Environmental Crime Experts

Julia Yansura

Program Director, FACT Coalition

Julia Yansura is the Program Director for Environmental Crime and Illicit Finance at the FACT Coalition. Her work aims to close anti money laundering and anti corruption loopholes that allow the proceeds of environmental crime to be laundered into the U.S. financial system. Geographically, her work is focused on the Western Hemisphere.

Prior to joining FACT, Yansura served as Program Director for Latin America and the Caribbean at Global Financial Integrity, where she led projects in Colombia, Belize, Ecuador and El Salvador covering environmental crimes such as illegal mining and logging, as well as on other topics such as beneficial ownership, real estate, cryptocurrency, and international trade. From 2012-2019, Yansura worked at the Inter-American Dialogue on remittances, mobile money and financial inclusion. She remains passionate about financial inclusion and is convinced that it is possible to make our shared financial system both secure and inclusive.

Yansura is fluent in English and Spanish and has experience working in Colombia, Ecuador, Guatemala, El Salvador, Honduras, Nicaragua, Jamaica, and Belize. She holds an MA in Latin American Studies from Georgetown University’s School of Foreign Service and a BA in Russian from Grinnell College.

Ben Batros

Director of Legal Strategy, Center for Climate Crime Analysis (CCCA)

Ben Batros is Director of Legal Strategy at CCCA, providing strategic guidance to teams of lawyers and analysts supporting enforcement and litigation to address illegal conduct that drives climate change – including the role of financial institutions in enabling climate destructive activities and the role of financial offences in tackling those that profit from them. He also consults on the strategic use of legal tools to support social change, with a focus on accountability and supporting climate action, at Strategy for Humanity.
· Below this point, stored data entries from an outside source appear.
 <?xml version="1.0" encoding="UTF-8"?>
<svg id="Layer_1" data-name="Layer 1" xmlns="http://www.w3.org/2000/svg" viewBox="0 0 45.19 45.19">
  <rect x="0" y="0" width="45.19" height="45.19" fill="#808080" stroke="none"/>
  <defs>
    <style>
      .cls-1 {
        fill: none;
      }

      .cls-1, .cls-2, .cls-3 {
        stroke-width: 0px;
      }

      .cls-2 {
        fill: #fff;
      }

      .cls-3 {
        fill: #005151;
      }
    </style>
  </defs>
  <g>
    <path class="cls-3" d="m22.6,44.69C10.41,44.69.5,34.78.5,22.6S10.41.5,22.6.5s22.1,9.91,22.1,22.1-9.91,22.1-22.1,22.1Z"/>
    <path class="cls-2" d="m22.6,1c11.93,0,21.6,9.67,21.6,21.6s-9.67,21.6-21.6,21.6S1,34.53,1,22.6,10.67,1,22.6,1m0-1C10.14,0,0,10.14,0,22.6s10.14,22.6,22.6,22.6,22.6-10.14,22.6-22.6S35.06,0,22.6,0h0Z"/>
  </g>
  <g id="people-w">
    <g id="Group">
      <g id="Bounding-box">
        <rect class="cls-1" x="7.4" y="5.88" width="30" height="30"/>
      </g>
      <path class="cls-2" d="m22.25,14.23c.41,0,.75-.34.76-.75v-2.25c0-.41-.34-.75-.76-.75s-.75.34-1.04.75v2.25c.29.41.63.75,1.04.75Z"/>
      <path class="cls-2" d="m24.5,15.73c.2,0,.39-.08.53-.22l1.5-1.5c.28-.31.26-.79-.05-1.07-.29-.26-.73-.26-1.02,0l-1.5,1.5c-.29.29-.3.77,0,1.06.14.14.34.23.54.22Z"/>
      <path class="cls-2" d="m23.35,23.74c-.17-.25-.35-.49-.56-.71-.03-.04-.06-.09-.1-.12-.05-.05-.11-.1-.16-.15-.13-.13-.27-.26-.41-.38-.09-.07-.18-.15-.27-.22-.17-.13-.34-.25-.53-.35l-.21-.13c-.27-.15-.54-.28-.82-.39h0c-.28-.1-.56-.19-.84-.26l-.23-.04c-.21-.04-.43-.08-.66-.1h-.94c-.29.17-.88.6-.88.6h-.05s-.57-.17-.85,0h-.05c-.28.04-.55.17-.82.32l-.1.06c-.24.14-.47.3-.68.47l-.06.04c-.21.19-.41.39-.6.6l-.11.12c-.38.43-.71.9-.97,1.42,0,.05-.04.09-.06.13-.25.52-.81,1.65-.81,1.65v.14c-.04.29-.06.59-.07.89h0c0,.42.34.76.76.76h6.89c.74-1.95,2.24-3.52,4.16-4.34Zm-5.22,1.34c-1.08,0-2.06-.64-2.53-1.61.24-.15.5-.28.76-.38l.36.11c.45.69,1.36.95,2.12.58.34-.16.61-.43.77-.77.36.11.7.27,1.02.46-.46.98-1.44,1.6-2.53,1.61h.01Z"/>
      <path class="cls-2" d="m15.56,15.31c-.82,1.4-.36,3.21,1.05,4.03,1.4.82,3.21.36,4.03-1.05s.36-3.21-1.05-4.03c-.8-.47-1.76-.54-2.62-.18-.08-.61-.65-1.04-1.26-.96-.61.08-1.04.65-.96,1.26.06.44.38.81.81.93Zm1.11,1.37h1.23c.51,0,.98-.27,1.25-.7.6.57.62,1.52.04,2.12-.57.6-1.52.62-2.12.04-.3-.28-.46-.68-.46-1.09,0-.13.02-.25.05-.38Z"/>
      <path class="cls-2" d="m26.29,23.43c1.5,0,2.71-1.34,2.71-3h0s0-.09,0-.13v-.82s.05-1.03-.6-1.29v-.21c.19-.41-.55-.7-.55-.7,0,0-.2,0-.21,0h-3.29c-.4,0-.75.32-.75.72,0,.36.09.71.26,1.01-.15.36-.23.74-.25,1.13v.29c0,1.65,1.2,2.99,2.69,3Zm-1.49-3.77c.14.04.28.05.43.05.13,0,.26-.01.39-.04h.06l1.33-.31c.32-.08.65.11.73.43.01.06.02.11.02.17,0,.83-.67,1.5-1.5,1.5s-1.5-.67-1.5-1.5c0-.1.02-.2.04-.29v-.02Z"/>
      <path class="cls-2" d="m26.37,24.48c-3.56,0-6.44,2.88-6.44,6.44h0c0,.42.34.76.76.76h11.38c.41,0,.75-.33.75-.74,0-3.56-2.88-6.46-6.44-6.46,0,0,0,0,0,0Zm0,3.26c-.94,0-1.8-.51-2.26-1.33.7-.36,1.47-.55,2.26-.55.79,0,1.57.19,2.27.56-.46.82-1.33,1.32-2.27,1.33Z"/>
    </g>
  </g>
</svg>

Ben has 20 years’ experience in accountability mechanisms and strategic litigation, previously having conducted strategic human rights litigation at the Open Society Justice Initiative; served as Appeals Counsel in the Office of the Prosecutor at the International Criminal Court; and worked for the Australian Attorney-General’s Department on regional cooperation to combat transnational crime and on multilateral efforts to promote international justice.

Luis E. Fernandez 

Co-founder, Centro de Innovación Científica Amazónica (CINCIA)

Luis E. Fernandez is a research professor and senior fellow at Wake Forest University’s Sabin Center for Environment and Sustainability, and the co-founder of CINCIA (Centro de Innovación Científica Amazónica), an independent environmental research center in the Peruvian Amazon.

With more than 20 years of experience working across the Amazon Basin, his work focuses on environmental crime, mercury pollution from artisanal and small-scale gold mining, and the links between illicit economies, environmental harm, and governance failures. He has previously held research and policy positions at Stanford University, the Carnegie Institution for Science, the U.S. Environmental Protection Agency (EPA), and Argonne National Laboratory, and has advised national governments and multilateral organizations on strategies to address environmental and financial crime associated with illegal mining.